> _Task to carry out_: Exactly those lines running from the one containing "#663 = VERTEX_POINT ( 'NONE', #211 ) ;" to the end of the material are to be printed, and no others.

> _Data section_:
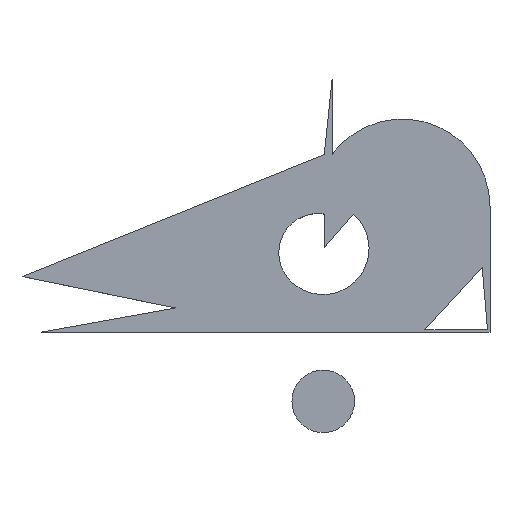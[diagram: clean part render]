
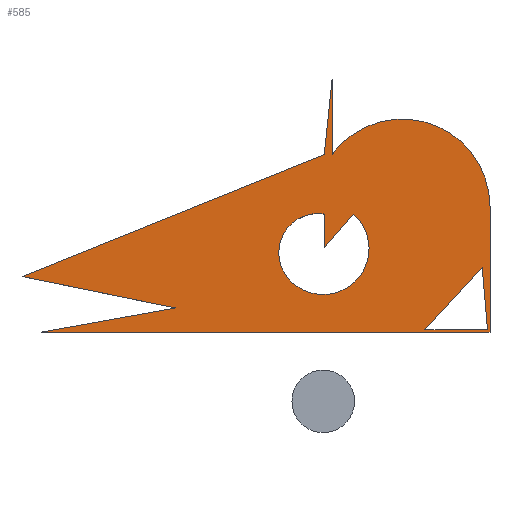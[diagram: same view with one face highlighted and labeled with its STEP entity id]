
A CAD part, top view. The second image highlights one B-rep face of the part: STEP entity #585.
In plain terms, the highlighted planar face has unit normal (0, 0, 1).
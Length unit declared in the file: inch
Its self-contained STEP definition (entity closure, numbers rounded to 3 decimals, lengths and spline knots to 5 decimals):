
#4 = VERTEX_POINT ( 'NONE', #30 ) ;
#8 = EDGE_CURVE ( 'NONE', #663, #638, #44, .T. ) ;
#12 = ORIENTED_EDGE ( 'NONE', *, *, #659, .F. ) ;
#14 = VERTEX_POINT ( 'NONE', #80 ) ;
#15 = EDGE_CURVE ( 'NONE', #660, #4, #81, .T. ) ;
#30 = CARTESIAN_POINT ( 'NONE',  ( -2.09091, -0.44432, 0.2 ) ) ;
#44 = LINE ( 'NONE', #45, #46 ) ;
#45 = CARTESIAN_POINT ( 'NONE',  ( -2.24545, 0., 0.2 ) ) ;
#46 = VECTOR ( 'NONE', #47, 39.37008 ) ;
#47 = DIRECTION ( 'NONE',  ( -0.927, -0.375, 0. ) ) ;
#70 = CARTESIAN_POINT ( 'NONE',  ( 0.23182, 0.97557, 0.2 ) ) ;
#71 = CARTESIAN_POINT ( 'NONE',  ( 1.4736, -0.42432, 0.2 ) ) ;
#72 = CARTESIAN_POINT ( 'NONE',  ( 1.4936, -0.44432, 0.2 ) ) ;
#80 = CARTESIAN_POINT ( 'NONE',  ( -0.19439, 0.19009, 0.2 ) ) ;
#81 = LINE ( 'NONE', #82, #83 ) ;
#82 = CARTESIAN_POINT ( 'NONE',  ( -2.09091, -0.44432, 0.2 ) ) ;
#83 = VECTOR ( 'NONE', #84, 39.37008 ) ;
#84 = DIRECTION ( 'NONE',  ( -0.984, -0.177, 0. ) ) ;
#95 = ORIENTED_EDGE ( 'NONE', *, *, #8, .T. ) ;
#97 = FACE_BOUND ( 'NONE', #563, .T. ) ;
#98 = FACE_OUTER_BOUND ( 'NONE', #526, .T. ) ;
#99 = FACE_BOUND ( 'NONE', #540, .T. ) ;
#100 = PLANE ( 'NONE',  #101 ) ;
#101 = AXIS2_PLACEMENT_3D ( 'NONE', #102, #103, #104 ) ;
#102 = CARTESIAN_POINT ( 'NONE',  ( 0.7936, 0.55796, 0.2 ) ) ;
#103 = DIRECTION ( 'NONE',  ( 0., 0., -1. ) ) ;
#104 = DIRECTION ( 'NONE',  ( -1., 0., 0. ) ) ;
#114 = VERTEX_POINT ( 'NONE', #216 ) ;
#130 = LINE ( 'NONE', #133, #134 ) ;
#133 = CARTESIAN_POINT ( 'NONE',  ( 1.4936, -0.44432, 0.2 ) ) ;
#134 = VECTOR ( 'NONE', #135, 39.37008 ) ;
#135 = DIRECTION ( 'NONE',  ( 1., 0., 0. ) ) ;
#149 = VERTEX_POINT ( 'NONE', #235 ) ;
#159 = CARTESIAN_POINT ( 'NONE',  ( 0.40114, 0.49924, 0.2 ) ) ;
#160 = LINE ( 'NONE', #161, #162 ) ;
#161 = CARTESIAN_POINT ( 'NONE',  ( -1.01875, -0.25114, 0.2 ) ) ;
#162 = VECTOR ( 'NONE', #163, 39.37008 ) ;
#163 = DIRECTION ( 'NONE',  ( 0.98, -0.201, 0. ) ) ;
#188 = LINE ( 'NONE', #189, #190 ) ;
#189 = CARTESIAN_POINT ( 'NONE',  ( 0.16932, 0.49924, 0.2 ) ) ;
#190 = VECTOR ( 'NONE', #191, 39.37008 ) ;
#191 = DIRECTION ( 'NONE',  ( 0., 1., 0. ) ) ;
#192 = CARTESIAN_POINT ( 'NONE',  ( -1.01875, -0.25114, 0.2 ) ) ;
#199 = CARTESIAN_POINT ( 'NONE',  ( 0.23182, 1.57557, 0.2 ) ) ;
#211 = CARTESIAN_POINT ( 'NONE',  ( 0.16932, 0.97557, 0.2 ) ) ;
#216 = CARTESIAN_POINT ( 'NONE',  ( 0.16932, 0.49924, 0.2 ) ) ;
#217 = LINE ( 'NONE', #220, #221 ) ;
#220 = CARTESIAN_POINT ( 'NONE',  ( 1.4736, -0.42432, 0.2 ) ) ;
#221 = VECTOR ( 'NONE', #222, 39.37008 ) ;
#222 = DIRECTION ( 'NONE',  ( 1., 0., 0. ) ) ;
#227 = LINE ( 'NONE', #228, #229 ) ;
#228 = CARTESIAN_POINT ( 'NONE',  ( 0.16932, 0.23182, 0.2 ) ) ;
#229 = VECTOR ( 'NONE', #230, 39.37008 ) ;
#230 = DIRECTION ( 'NONE',  ( -0.655, -0.756, 0. ) ) ;
#231 = LINE ( 'NONE', #232, #233 ) ;
#232 = CARTESIAN_POINT ( 'NONE',  ( 1.4311, 0.07387, 0.2 ) ) ;
#233 = VECTOR ( 'NONE', #234, 39.37008 ) ;
#234 = DIRECTION ( 'NONE',  ( -0.085, 0.996, 0. ) ) ;
#235 = CARTESIAN_POINT ( 'NONE',  ( 1.4311, 0.07387, 0.2 ) ) ;
#269 = LINE ( 'NONE', #270, #271 ) ;
#270 = CARTESIAN_POINT ( 'NONE',  ( 0.23182, 1.57557, 0.2 ) ) ;
#271 = VECTOR ( 'NONE', #276, 39.37008 ) ;
#276 = DIRECTION ( 'NONE',  ( 0., 1., 0. ) ) ;
#277 = LINE ( 'NONE', #278, #279 ) ;
#278 = CARTESIAN_POINT ( 'NONE',  ( 0.9736, -0.42432, 0.2 ) ) ;
#279 = VECTOR ( 'NONE', #280, 39.37008 ) ;
#280 = DIRECTION ( 'NONE',  ( -0.676, -0.737, 0. ) ) ;
#289 = CIRCLE ( 'NONE', #290, 0.36642 ) ;
#290 = AXIS2_PLACEMENT_3D ( 'NONE', #291, #293, #294 ) ;
#291 = CARTESIAN_POINT ( 'NONE',  ( 0.16112, 0.22236, 0.2 ) ) ;
#293 = DIRECTION ( 'NONE',  ( 0., 0., 1. ) ) ;
#294 = DIRECTION ( 'NONE',  ( -1., 0., 0. ) ) ;
#330 = EDGE_CURVE ( 'NONE', #114, #14, #356, .T. ) ;
#347 = ORIENTED_EDGE ( 'NONE', *, *, #330, .F. ) ;
#356 = CIRCLE ( 'NONE', #357, 0.31324 ) ;
#357 = AXIS2_PLACEMENT_3D ( 'NONE', #358, #359, #360 ) ;
#358 = CARTESIAN_POINT ( 'NONE',  ( 0.11885, 0.19009, 0.2 ) ) ;
#359 = DIRECTION ( 'NONE',  ( 0., 0., 1. ) ) ;
#360 = DIRECTION ( 'NONE',  ( -1., 0., 0. ) ) ;
#368 = CARTESIAN_POINT ( 'NONE',  ( 0.16932, 0.23182, 0.2 ) ) ;
#369 = LINE ( 'NONE', #370, #371 ) ;
#370 = CARTESIAN_POINT ( 'NONE',  ( 1.4936, 0.55796, 0.2 ) ) ;
#371 = VECTOR ( 'NONE', #372, 39.37008 ) ;
#372 = DIRECTION ( 'NONE',  ( 0., 1., 0. ) ) ;
#377 = CARTESIAN_POINT ( 'NONE',  ( -2.24545, 0., 0.2 ) ) ;
#390 = CARTESIAN_POINT ( 'NONE',  ( 1.4936, 0.55796, 0.2 ) ) ;
#412 = CARTESIAN_POINT ( 'NONE',  ( 0.9736, -0.42432, 0.2 ) ) ;
#418 = CARTESIAN_POINT ( 'NONE',  ( -0.13011, 0., 0.2 ) ) ;
#462 = ORIENTED_EDGE ( 'NONE', *, *, #517, .T. ) ;
#515 = ORIENTED_EDGE ( 'NONE', *, *, #606, .T. ) ;
#517 = EDGE_CURVE ( 'NONE', #4, #684, #130, .T. ) ;
#520 = VERTEX_POINT ( 'NONE', #159 ) ;
#521 = EDGE_CURVE ( 'NONE', #638, #660, #160, .T. ) ;
#526 = EDGE_LOOP ( 'NONE', ( #95, #571, #633, #462, #538, #591, #515, #527 ) ) ;
#527 = ORIENTED_EDGE ( 'NONE', *, *, #558, .T. ) ;
#538 = ORIENTED_EDGE ( 'NONE', *, *, #634, .T. ) ;
#539 = EDGE_CURVE ( 'NONE', #648, #575, #217, .T. ) ;
#540 = EDGE_LOOP ( 'NONE', ( #580, #562, #644 ) ) ;
#544 = EDGE_CURVE ( 'NONE', #520, #632, #227, .T. ) ;
#548 = EDGE_CURVE ( 'NONE', #149, #648, #277, .T. ) ;
#558 = EDGE_CURVE ( 'NONE', #598, #663, #719, .T. ) ;
#561 = EDGE_CURVE ( 'NONE', #14, #654, #730, .T. ) ;
#562 = ORIENTED_EDGE ( 'NONE', *, *, #548, .F. ) ;
#563 = EDGE_LOOP ( 'NONE', ( #347, #12, #582, #692, #595 ) ) ;
#571 = ORIENTED_EDGE ( 'NONE', *, *, #521, .T. ) ;
#574 = VERTEX_POINT ( 'NONE', #70 ) ;
#575 = VERTEX_POINT ( 'NONE', #71 ) ;
#580 = ORIENTED_EDGE ( 'NONE', *, *, #539, .F. ) ;
#582 = ORIENTED_EDGE ( 'NONE', *, *, #544, .F. ) ;
#585 = ADVANCED_FACE ( 'NONE', ( #97, #98, #99 ), #100, .F. ) ;
#591 = ORIENTED_EDGE ( 'NONE', *, *, #673, .T. ) ;
#595 = ORIENTED_EDGE ( 'NONE', *, *, #561, .F. ) ;
#598 = VERTEX_POINT ( 'NONE', #199 ) ;
#606 = EDGE_CURVE ( 'NONE', #574, #598, #269, .T. ) ;
#632 = VERTEX_POINT ( 'NONE', #368 ) ;
#633 = ORIENTED_EDGE ( 'NONE', *, *, #15, .T. ) ;
#634 = EDGE_CURVE ( 'NONE', #684, #643, #369, .T. ) ;
#638 = VERTEX_POINT ( 'NONE', #377 ) ;
#643 = VERTEX_POINT ( 'NONE', #390 ) ;
#644 = ORIENTED_EDGE ( 'NONE', *, *, #666, .F. ) ;
#648 = VERTEX_POINT ( 'NONE', #412 ) ;
#654 = VERTEX_POINT ( 'NONE', #418 ) ;
#659 = EDGE_CURVE ( 'NONE', #632, #114, #188, .T. ) ;
#660 = VERTEX_POINT ( 'NONE', #192 ) ;
#663 = VERTEX_POINT ( 'NONE', #211 ) ;
#666 = EDGE_CURVE ( 'NONE', #575, #149, #231, .T. ) ;
#672 = EDGE_CURVE ( 'NONE', #654, #520, #289, .T. ) ;
#673 = EDGE_CURVE ( 'NONE', #643, #574, #693, .T. ) ;
#684 = VERTEX_POINT ( 'NONE', #72 ) ;
#692 = ORIENTED_EDGE ( 'NONE', *, *, #672, .F. ) ;
#693 = CIRCLE ( 'NONE', #694, 0.7 ) ;
#694 = AXIS2_PLACEMENT_3D ( 'NONE', #695, #696, #697 ) ;
#695 = CARTESIAN_POINT ( 'NONE',  ( 0.7936, 0.55796, 0.2 ) ) ;
#696 = DIRECTION ( 'NONE',  ( 0., 0., 1. ) ) ;
#697 = DIRECTION ( 'NONE',  ( -1., 0., 0. ) ) ;
#719 = LINE ( 'NONE', #720, #721 ) ;
#720 = CARTESIAN_POINT ( 'NONE',  ( 0.16932, 0.97557, 0.2 ) ) ;
#721 = VECTOR ( 'NONE', #722, 39.37008 ) ;
#722 = DIRECTION ( 'NONE',  ( -0.104, -0.995, 0. ) ) ;
#730 = CIRCLE ( 'NONE', #731, 0.31324 ) ;
#731 = AXIS2_PLACEMENT_3D ( 'NONE', #732, #733, #734 ) ;
#732 = CARTESIAN_POINT ( 'NONE',  ( 0.11885, 0.19009, 0.2 ) ) ;
#733 = DIRECTION ( 'NONE',  ( 0., 0., 1. ) ) ;
#734 = DIRECTION ( 'NONE',  ( -1., 0., 0. ) ) ;

> _Answer to this task_:
#663 = VERTEX_POINT ( 'NONE', #211 ) ;
#666 = EDGE_CURVE ( 'NONE', #575, #149, #231, .T. ) ;
#672 = EDGE_CURVE ( 'NONE', #654, #520, #289, .T. ) ;
#673 = EDGE_CURVE ( 'NONE', #643, #574, #693, .T. ) ;
#684 = VERTEX_POINT ( 'NONE', #72 ) ;
#692 = ORIENTED_EDGE ( 'NONE', *, *, #672, .F. ) ;
#693 = CIRCLE ( 'NONE', #694, 0.7 ) ;
#694 = AXIS2_PLACEMENT_3D ( 'NONE', #695, #696, #697 ) ;
#695 = CARTESIAN_POINT ( 'NONE',  ( 0.7936, 0.55796, 0.2 ) ) ;
#696 = DIRECTION ( 'NONE',  ( 0., 0., 1. ) ) ;
#697 = DIRECTION ( 'NONE',  ( -1., 0., 0. ) ) ;
#719 = LINE ( 'NONE', #720, #721 ) ;
#720 = CARTESIAN_POINT ( 'NONE',  ( 0.16932, 0.97557, 0.2 ) ) ;
#721 = VECTOR ( 'NONE', #722, 39.37008 ) ;
#722 = DIRECTION ( 'NONE',  ( -0.104, -0.995, 0. ) ) ;
#730 = CIRCLE ( 'NONE', #731, 0.31324 ) ;
#731 = AXIS2_PLACEMENT_3D ( 'NONE', #732, #733, #734 ) ;
#732 = CARTESIAN_POINT ( 'NONE',  ( 0.11885, 0.19009, 0.2 ) ) ;
#733 = DIRECTION ( 'NONE',  ( 0., 0., 1. ) ) ;
#734 = DIRECTION ( 'NONE',  ( -1., 0., 0. ) ) ;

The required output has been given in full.